Give back the records below exactly, every one, with no pictures.

Input records
++++++++++++++++++++

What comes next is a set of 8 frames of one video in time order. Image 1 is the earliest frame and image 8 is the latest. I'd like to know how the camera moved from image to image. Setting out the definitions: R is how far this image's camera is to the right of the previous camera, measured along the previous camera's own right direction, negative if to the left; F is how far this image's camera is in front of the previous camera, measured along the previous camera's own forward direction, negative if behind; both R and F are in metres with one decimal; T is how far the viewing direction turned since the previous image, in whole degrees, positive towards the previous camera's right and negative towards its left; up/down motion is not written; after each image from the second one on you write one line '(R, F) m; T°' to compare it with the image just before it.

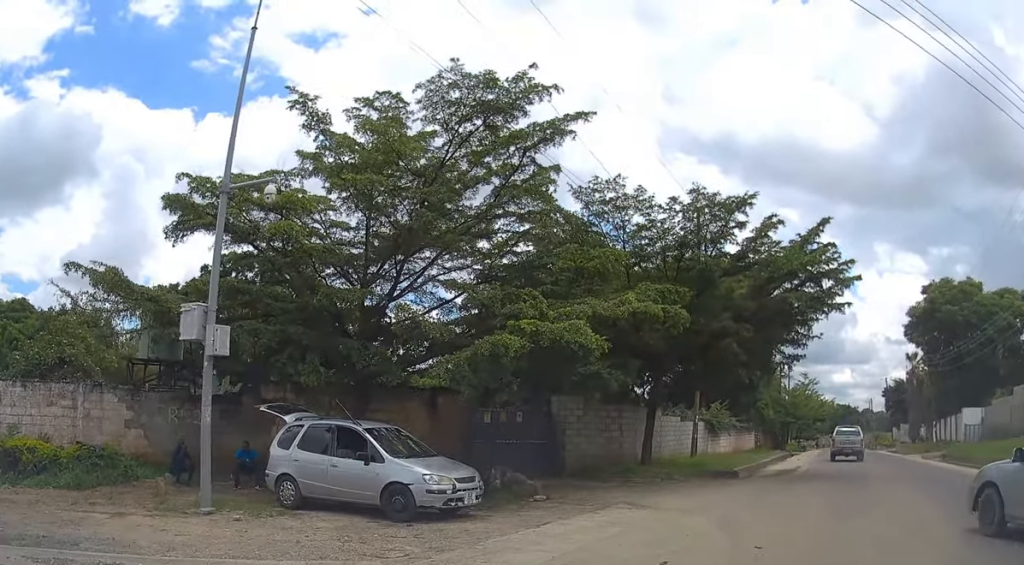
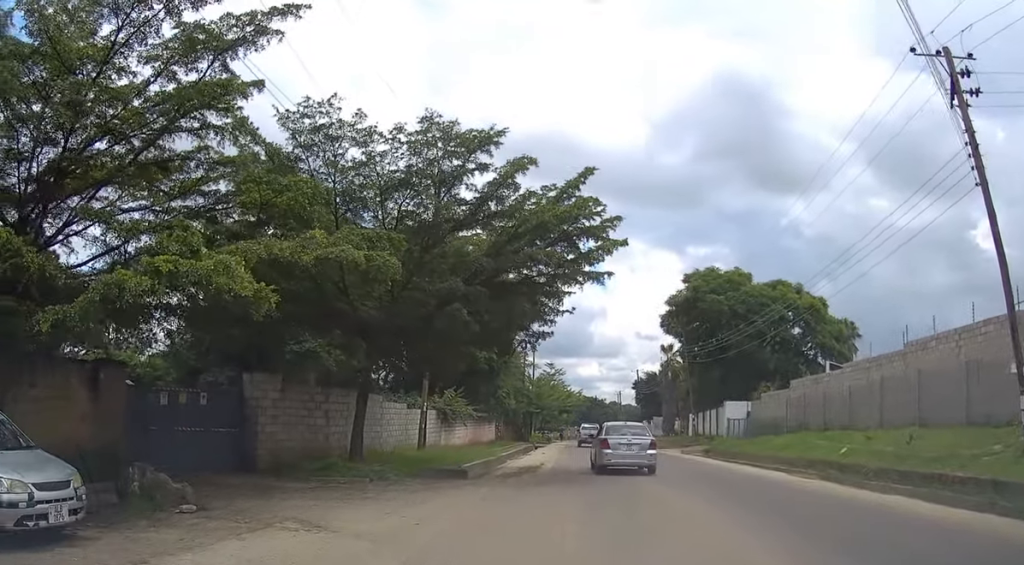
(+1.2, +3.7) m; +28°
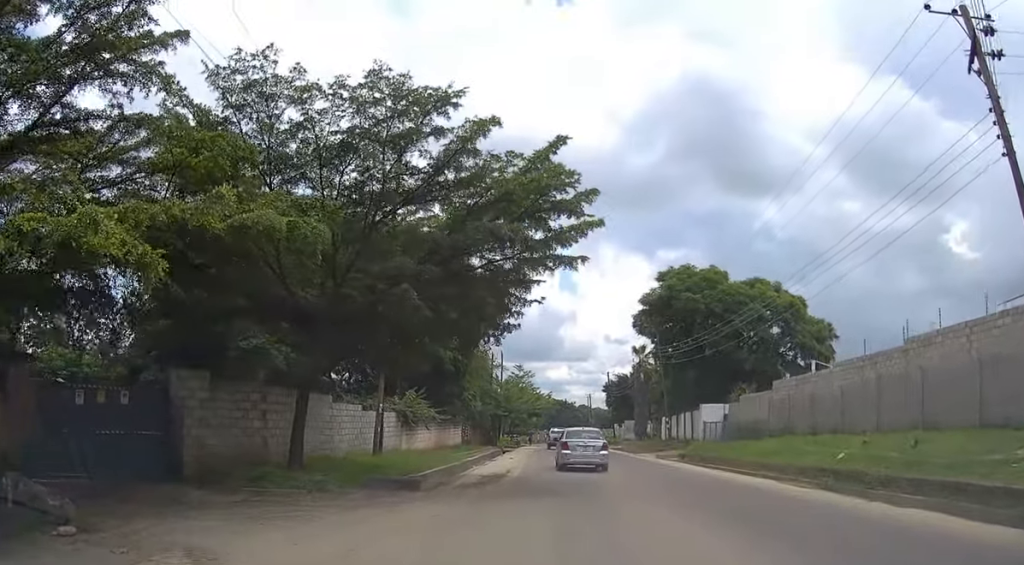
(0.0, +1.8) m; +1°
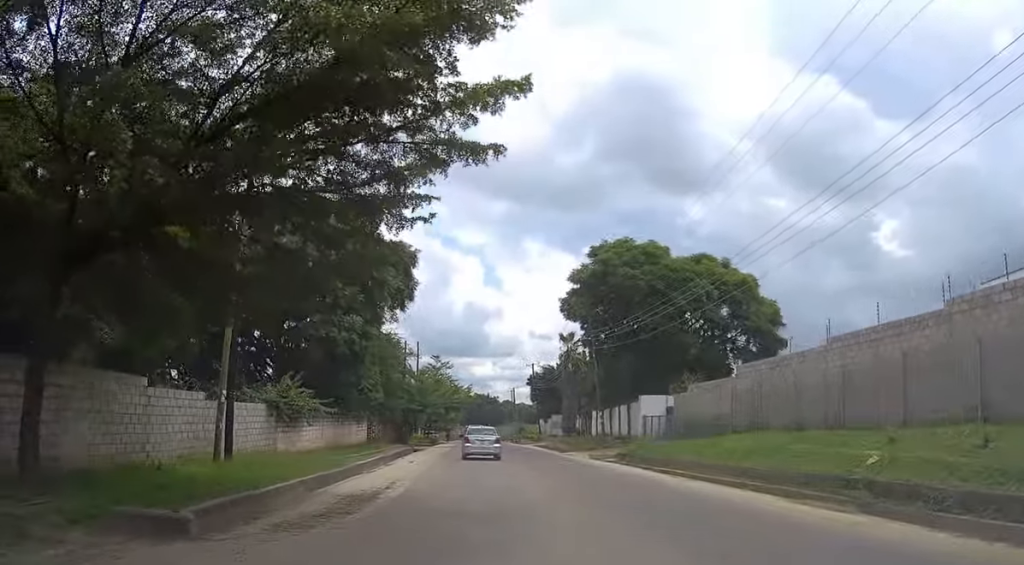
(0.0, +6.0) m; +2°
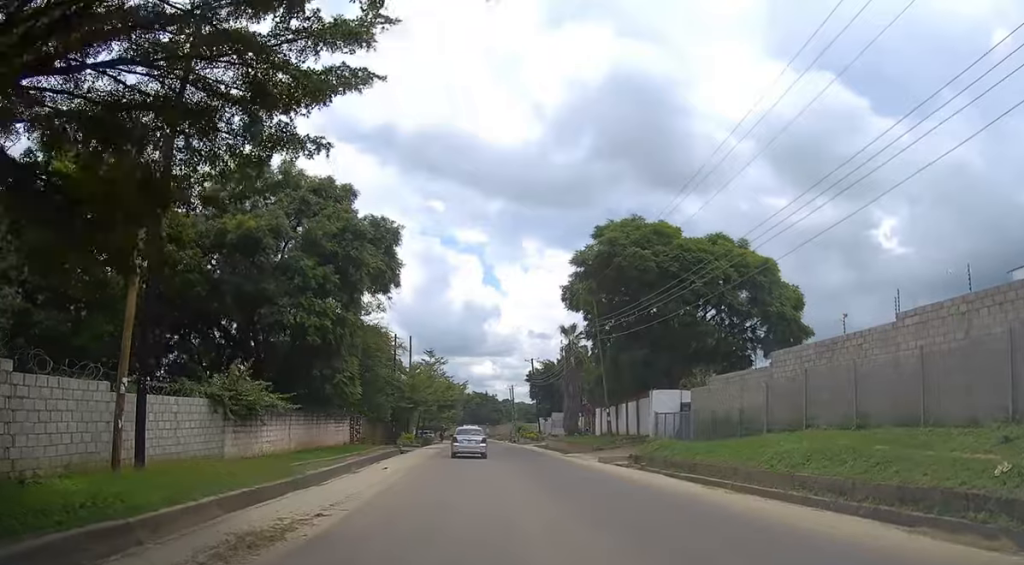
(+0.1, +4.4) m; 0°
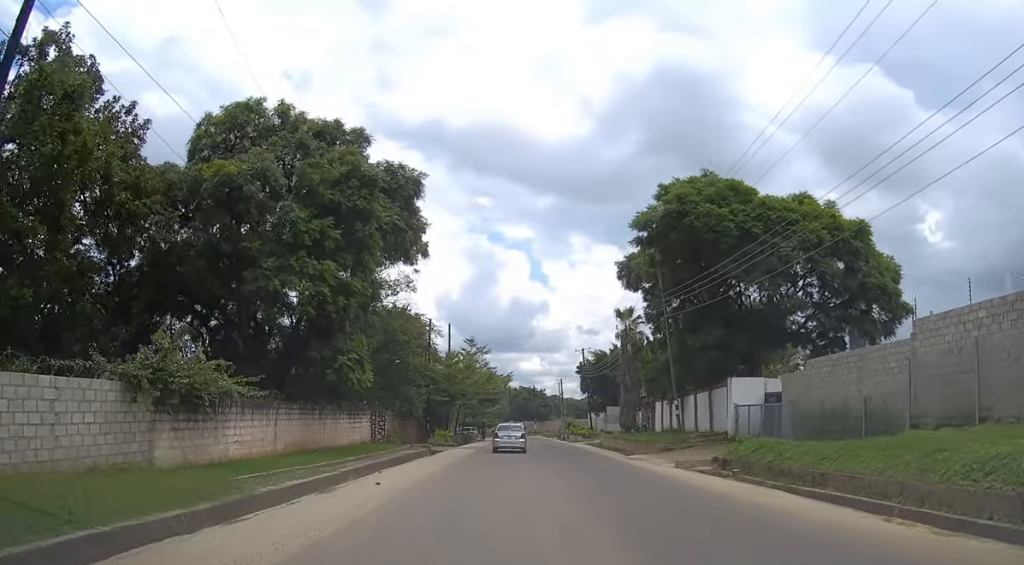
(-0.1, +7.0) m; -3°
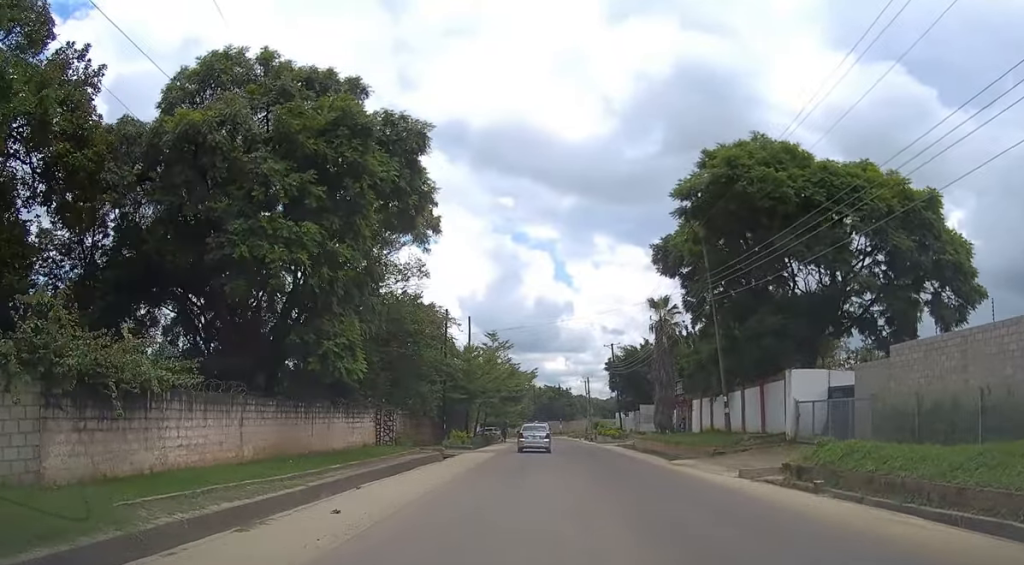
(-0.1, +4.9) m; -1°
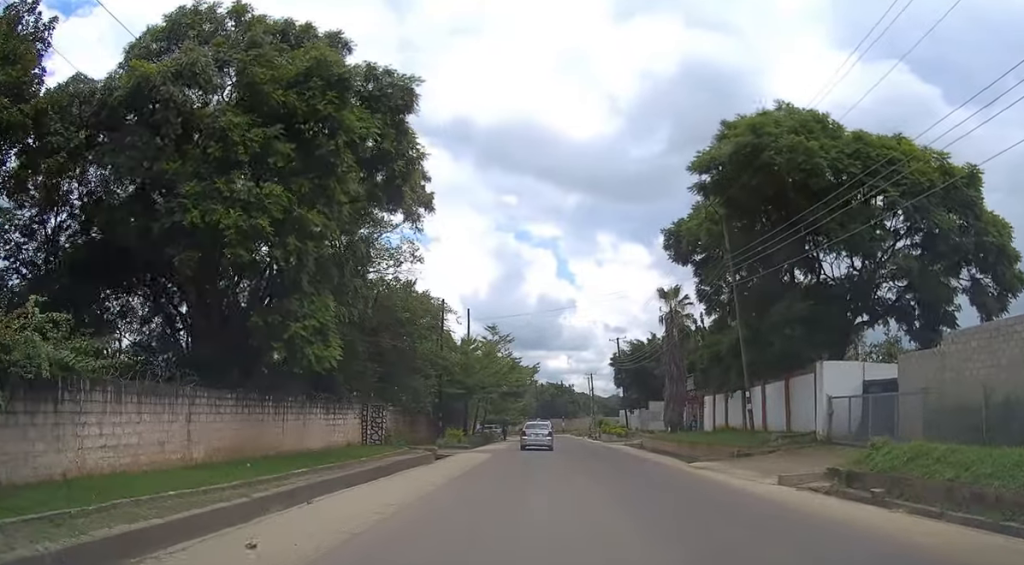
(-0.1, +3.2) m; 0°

++++++++++++++++++++

Response
What comes next is a set of 8 frames of one video in time order. Image 1 is the earliest frame and image 8 is the latest. I'd like to know how the camera moved from image to image. Setting out the definitions: R is how far this image's camera is to the right of the previous camera, measured along the previous camera's own right direction, negative if to the left; F is how far this image's camera is in front of the previous camera, measured along the previous camera's own forward direction, negative if behind; both R and F are in metres with one decimal; T is how far the viewing direction turned since the previous image, in whole degrees, positive towards the previous camera's right and negative towards its left; up/down motion is not written; after each image from the second one on you write one line '(R, F) m; T°' to compare it with the image just before it.

(+1.2, +3.7) m; +28°
(0.0, +1.8) m; +1°
(0.0, +6.0) m; +2°
(+0.1, +4.4) m; 0°
(-0.1, +7.0) m; -3°
(-0.1, +4.9) m; -1°
(-0.1, +3.2) m; 0°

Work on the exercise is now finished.